The five tribes of machine learning
Machine learning can be further classified in a variety of ways. One of our favorite classifications is the one provided by Pedro Domingos in his book The Master Algorithm. In his book, he classifies machine learning by the field of science that sprouted the ideas. For example, genetic algorithms sprouted from Biology concepts. Here are the full classifications, the name Domingos uses for the tribes, and the dominant algorithms used by each tribe, along with noteworthy proponents:
Logic and Philosophy
Symbolists – Symbolists use the concept of induction or inverse deduction as their main tool. When using induction, instead of starting with a premise and looking for conclusions, inverse deduction starts with a set of premises and conclusions and works backwards to fill in the missing pieces.
An example of deduction:
An example of induction:
Socrates is human + ?? = Socrates is mortal (Humans are mortal?)

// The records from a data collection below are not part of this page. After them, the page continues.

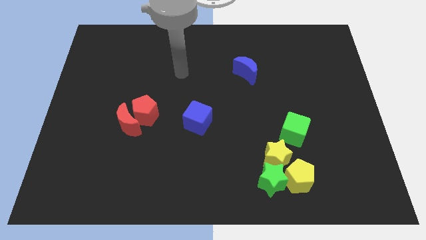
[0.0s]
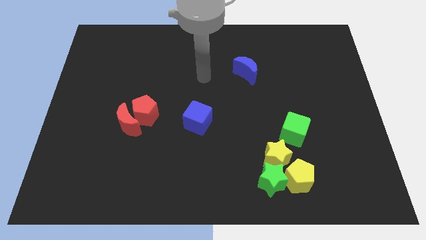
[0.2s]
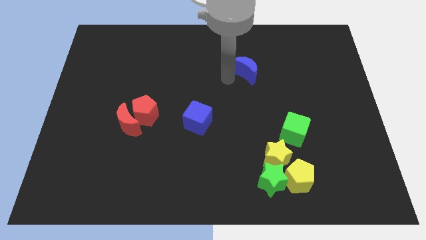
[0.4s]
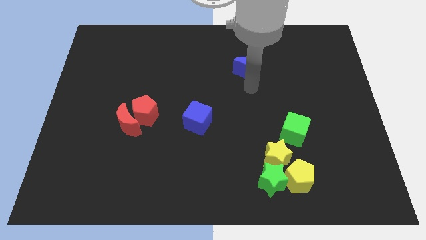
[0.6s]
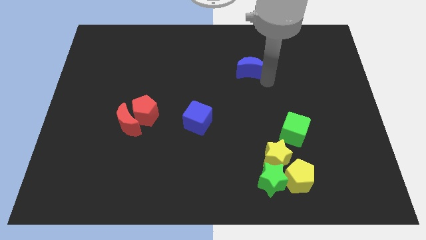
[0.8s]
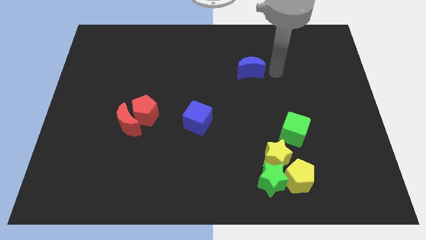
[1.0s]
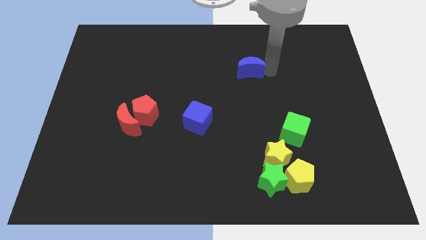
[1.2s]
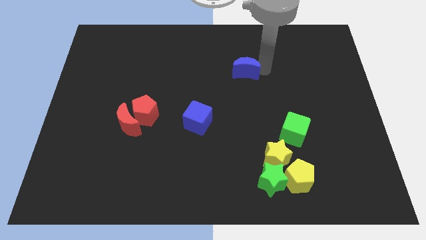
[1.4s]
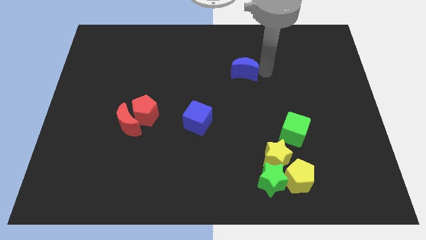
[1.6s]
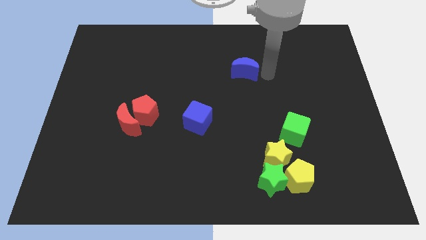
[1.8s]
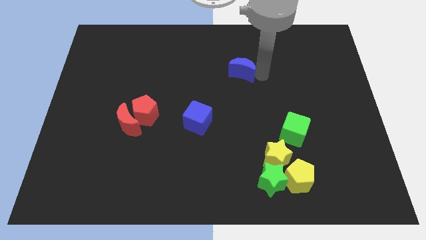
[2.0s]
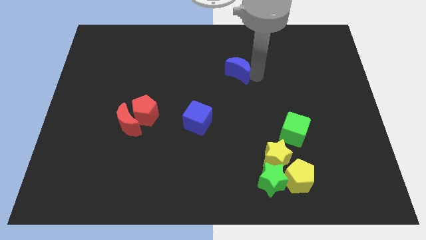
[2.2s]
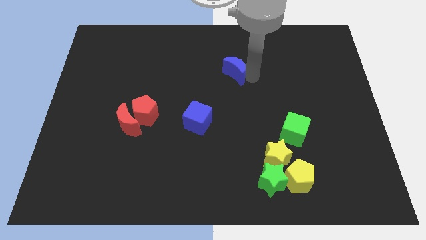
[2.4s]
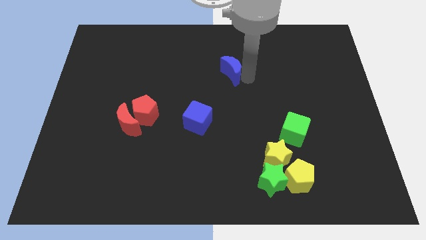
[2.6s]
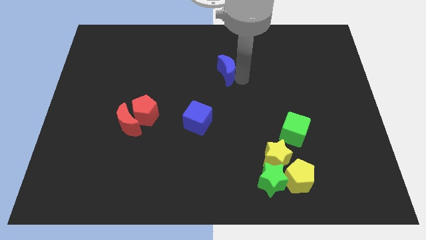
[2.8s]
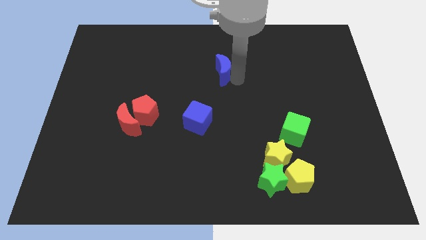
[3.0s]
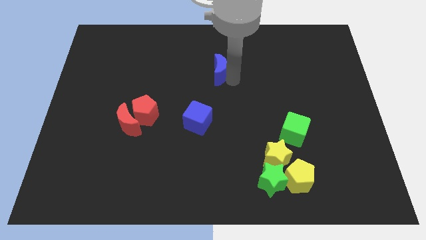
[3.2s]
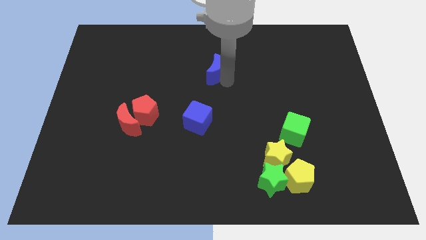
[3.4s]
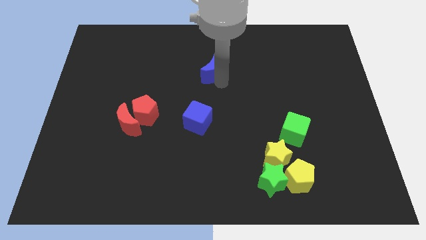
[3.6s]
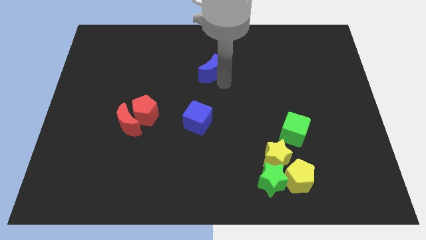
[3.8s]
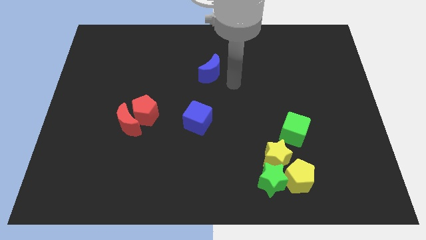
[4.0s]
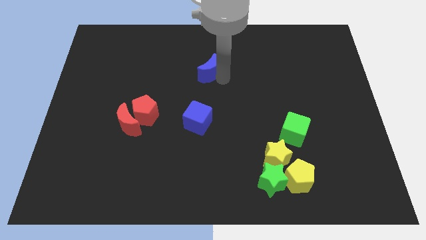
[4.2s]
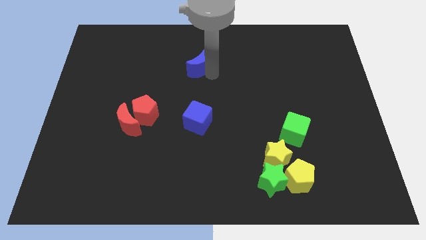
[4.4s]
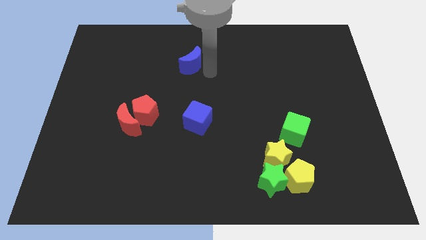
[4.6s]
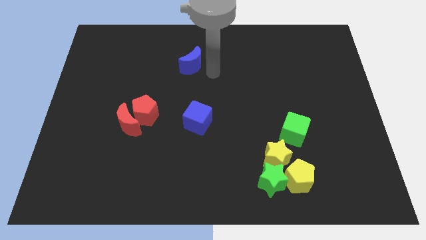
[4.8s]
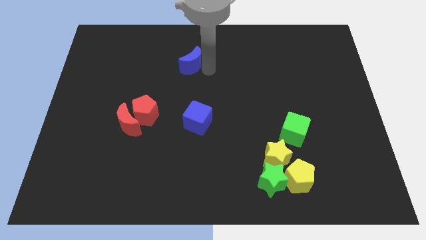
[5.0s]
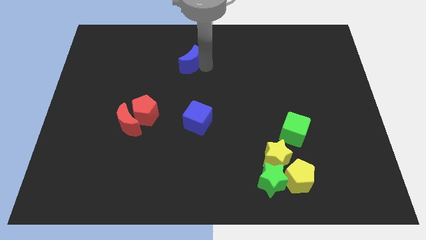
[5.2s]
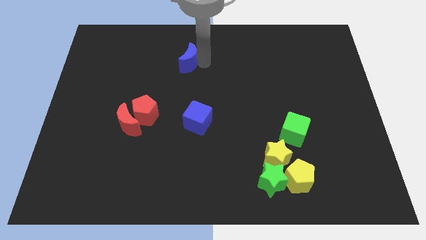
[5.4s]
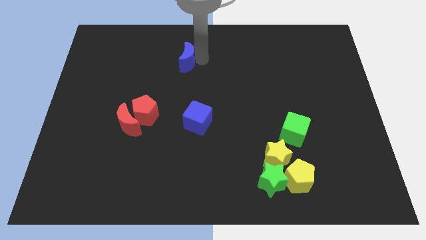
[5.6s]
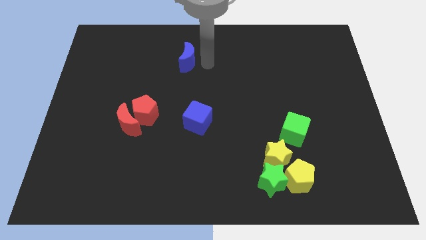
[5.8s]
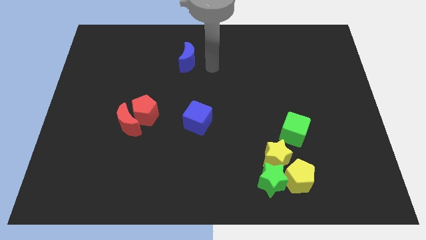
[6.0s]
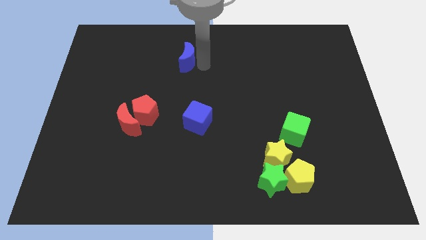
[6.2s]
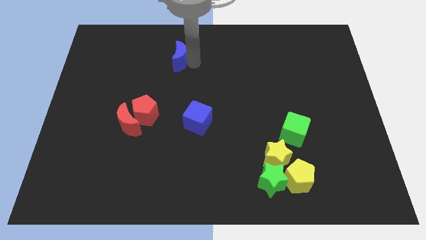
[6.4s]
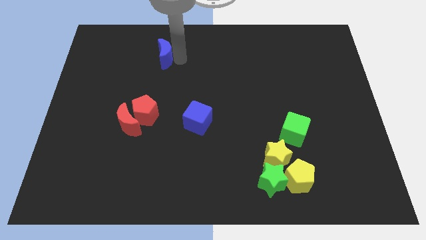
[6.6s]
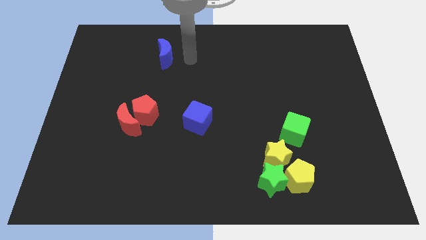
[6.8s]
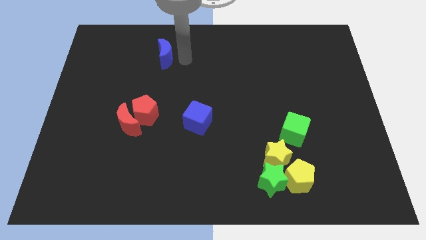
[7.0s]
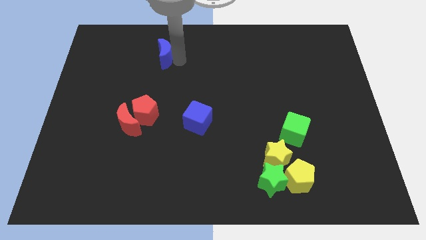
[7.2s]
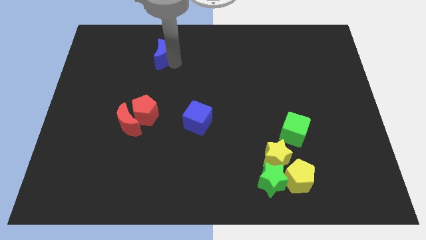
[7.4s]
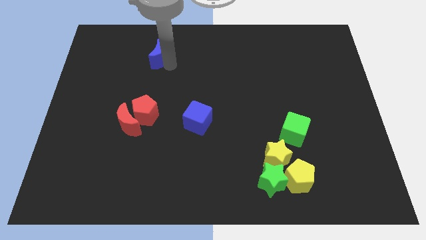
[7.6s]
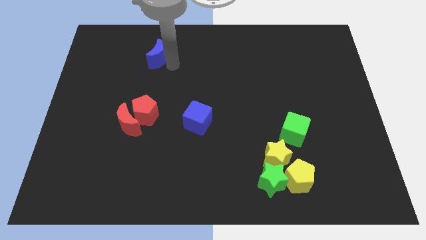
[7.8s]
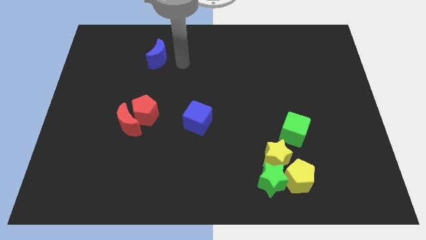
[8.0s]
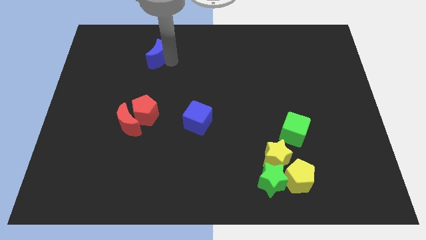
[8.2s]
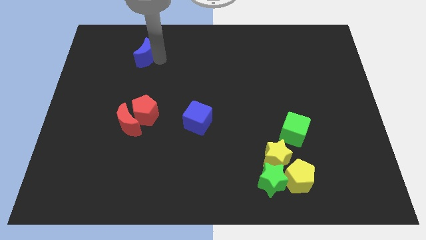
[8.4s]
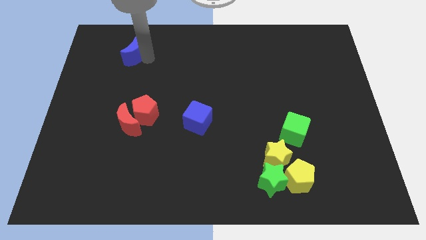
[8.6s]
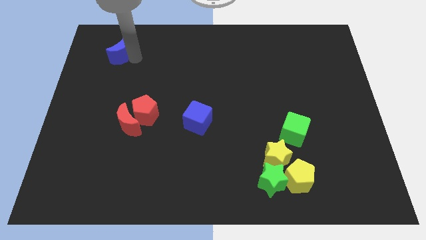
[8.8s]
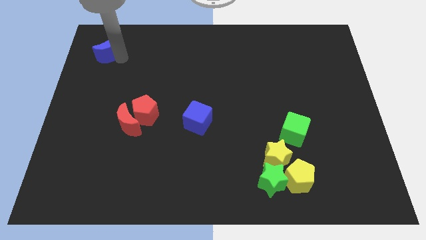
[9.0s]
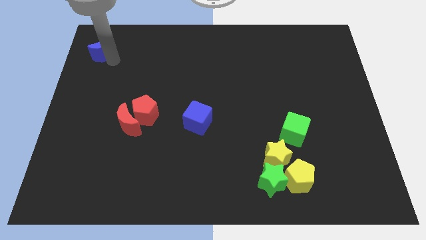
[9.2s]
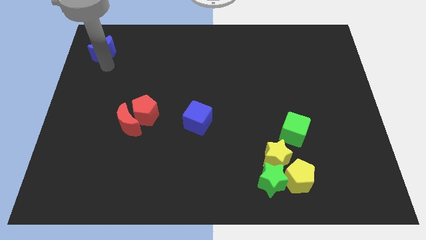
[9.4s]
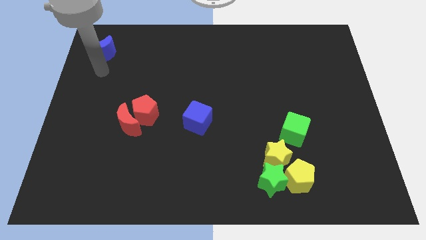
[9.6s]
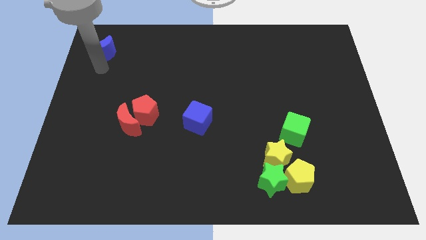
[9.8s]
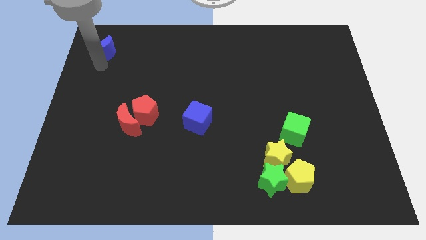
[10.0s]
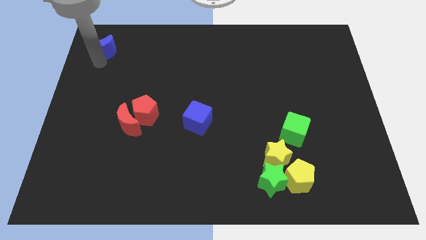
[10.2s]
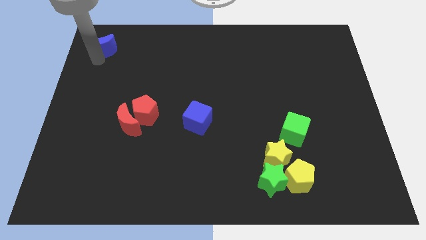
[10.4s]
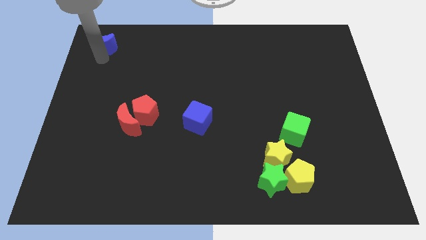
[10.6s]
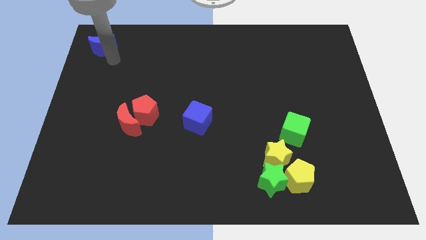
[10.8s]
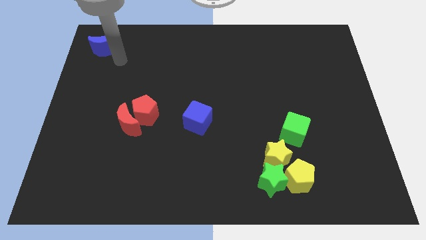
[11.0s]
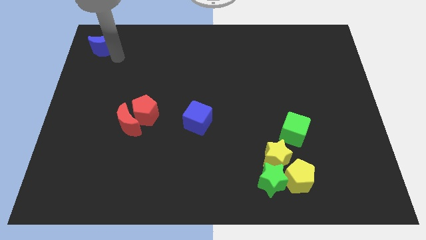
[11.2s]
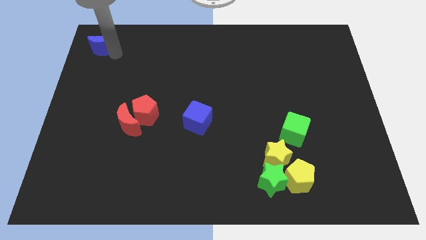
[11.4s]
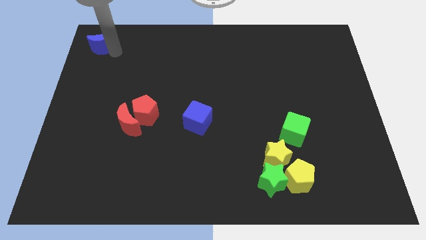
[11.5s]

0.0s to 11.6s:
push the blue moon to the top left corner

Connectionists – Connectionists use the brain, or at least our very crude understanding of the brain, as their primary tool – mainly neural networks. Neural networks are a type of algorithm, modeled loosely after the brain, which are designed to recognize patterns. They can recognize numerical patterns contained in vectors. In order to use them, all inputs, be they images, sound, text, or time series need to be translated into these numerical vectors. It is hard to open a magazine or a news site and not read about examples of "deep learning." Deep learning is a specialized type of a neural network.
Evolutionaries – Evolutionaries focus on using the concepts of evolution, natural selection, genomes, and DNA mutation and applying them to data processing. Evolutionary algorithms will constantly mutate, evolve, and adapt to unknown conditions and processes.
Bayesians – Bayesians focus on handling uncertainty using probabilistic inference. Vision learning and spam filtering are some of the problems tackled by the Bayesian approach. Typically, Bayesian models will take a hypothesis and apply a type of "a priori" reasoning, assuming that some outcomes will be more likely. They then update a hypothesis as they see more data.
Defining intelligence using the Turing test
The legendary computer scientist and mathematician, Alan Turing, proposed the Turing test to provide a definition of intelligence. It is a test to see if a computer can learn to mimic human behavior. He defined intelligent behavior as the ability to achieve human-level intelligence during a conversation. This performance should be enough to trick an interrogator into thinking that the answers are coming from a human.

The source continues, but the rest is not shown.